What to work on. Below is a listing. Return the lines from the one that contains "A book cover" to the one that contains "Character: 𫀒", both ends included, verbatim and with no pictures.

Data under study.
----------
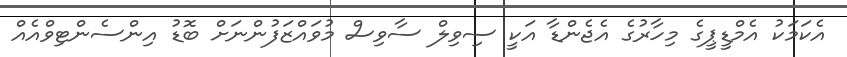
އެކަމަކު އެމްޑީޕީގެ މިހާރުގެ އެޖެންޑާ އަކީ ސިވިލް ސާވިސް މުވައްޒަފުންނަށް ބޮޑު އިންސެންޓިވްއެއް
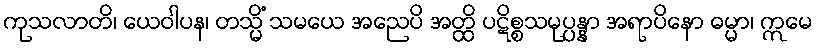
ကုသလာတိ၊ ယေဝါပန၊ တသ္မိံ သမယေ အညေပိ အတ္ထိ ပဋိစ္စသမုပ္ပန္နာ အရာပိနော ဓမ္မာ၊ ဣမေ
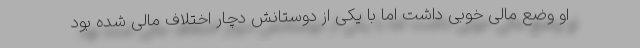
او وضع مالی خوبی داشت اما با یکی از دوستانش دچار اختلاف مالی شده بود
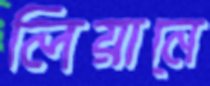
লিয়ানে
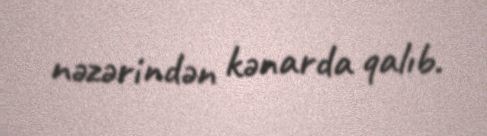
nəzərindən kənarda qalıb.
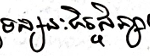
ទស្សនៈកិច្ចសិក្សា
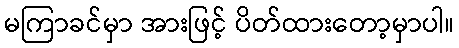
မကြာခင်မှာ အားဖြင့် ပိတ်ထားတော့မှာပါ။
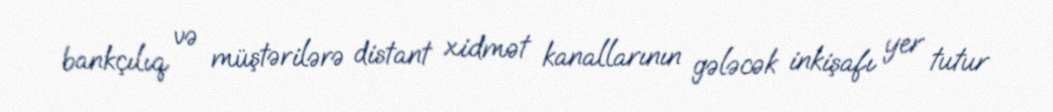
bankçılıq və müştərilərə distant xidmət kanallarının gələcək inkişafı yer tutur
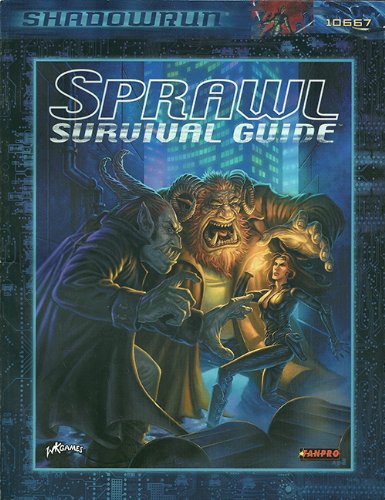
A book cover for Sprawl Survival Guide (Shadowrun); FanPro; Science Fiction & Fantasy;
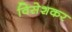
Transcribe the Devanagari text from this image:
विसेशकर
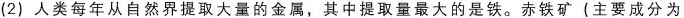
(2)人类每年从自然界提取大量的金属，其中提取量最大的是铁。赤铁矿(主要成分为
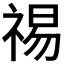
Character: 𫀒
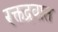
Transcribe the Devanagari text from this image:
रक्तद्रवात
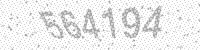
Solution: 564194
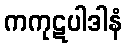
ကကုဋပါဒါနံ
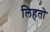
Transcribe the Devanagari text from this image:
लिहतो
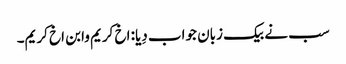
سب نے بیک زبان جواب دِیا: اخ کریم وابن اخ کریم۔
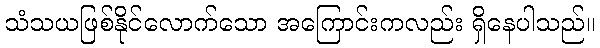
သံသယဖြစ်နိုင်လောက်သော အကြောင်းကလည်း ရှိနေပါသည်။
----------
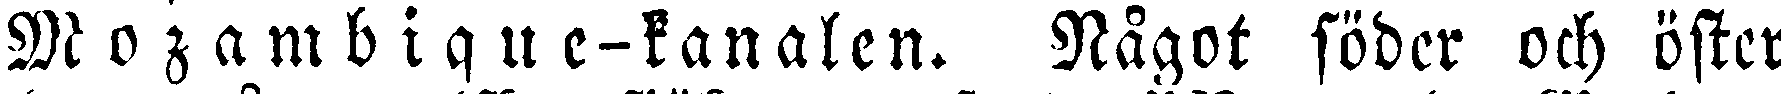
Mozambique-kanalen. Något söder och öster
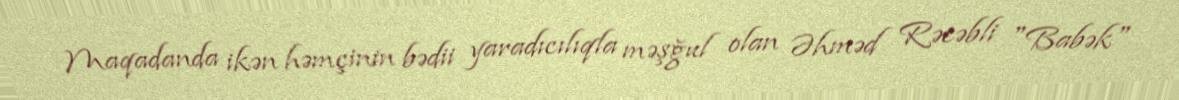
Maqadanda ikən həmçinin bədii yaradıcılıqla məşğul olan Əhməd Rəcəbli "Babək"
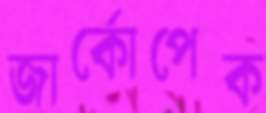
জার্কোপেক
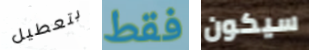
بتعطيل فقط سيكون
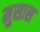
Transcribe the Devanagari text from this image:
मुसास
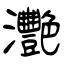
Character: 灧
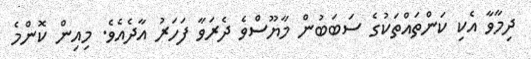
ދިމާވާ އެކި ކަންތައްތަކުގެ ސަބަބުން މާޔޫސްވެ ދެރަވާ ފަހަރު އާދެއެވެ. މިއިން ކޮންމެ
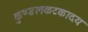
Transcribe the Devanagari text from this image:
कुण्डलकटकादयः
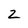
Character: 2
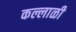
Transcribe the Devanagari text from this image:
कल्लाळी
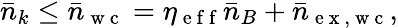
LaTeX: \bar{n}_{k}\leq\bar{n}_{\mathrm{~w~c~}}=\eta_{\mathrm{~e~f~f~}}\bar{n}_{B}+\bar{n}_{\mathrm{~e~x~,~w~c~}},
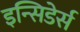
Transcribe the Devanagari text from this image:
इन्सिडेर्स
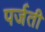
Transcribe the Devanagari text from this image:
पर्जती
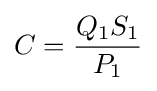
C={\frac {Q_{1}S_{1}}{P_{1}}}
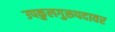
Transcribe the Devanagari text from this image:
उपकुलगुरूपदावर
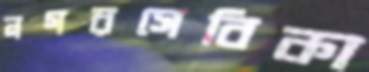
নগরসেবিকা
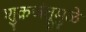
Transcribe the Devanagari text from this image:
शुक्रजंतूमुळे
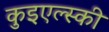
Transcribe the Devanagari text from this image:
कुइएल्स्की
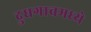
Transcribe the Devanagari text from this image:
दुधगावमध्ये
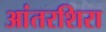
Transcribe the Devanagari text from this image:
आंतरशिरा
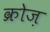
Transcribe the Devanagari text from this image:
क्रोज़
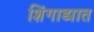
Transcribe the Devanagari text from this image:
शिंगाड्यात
----------
Answer space.
A book cover for Sprawl Survival Guide (Shadowrun); FanPro; Science Fiction & Fantasy;
Transcribe the Devanagari text from this image:
विसेशकर
(2)人类每年从自然界提取大量的金属，其中提取量最大的是铁。赤铁矿(主要成分为
Character: 𫀒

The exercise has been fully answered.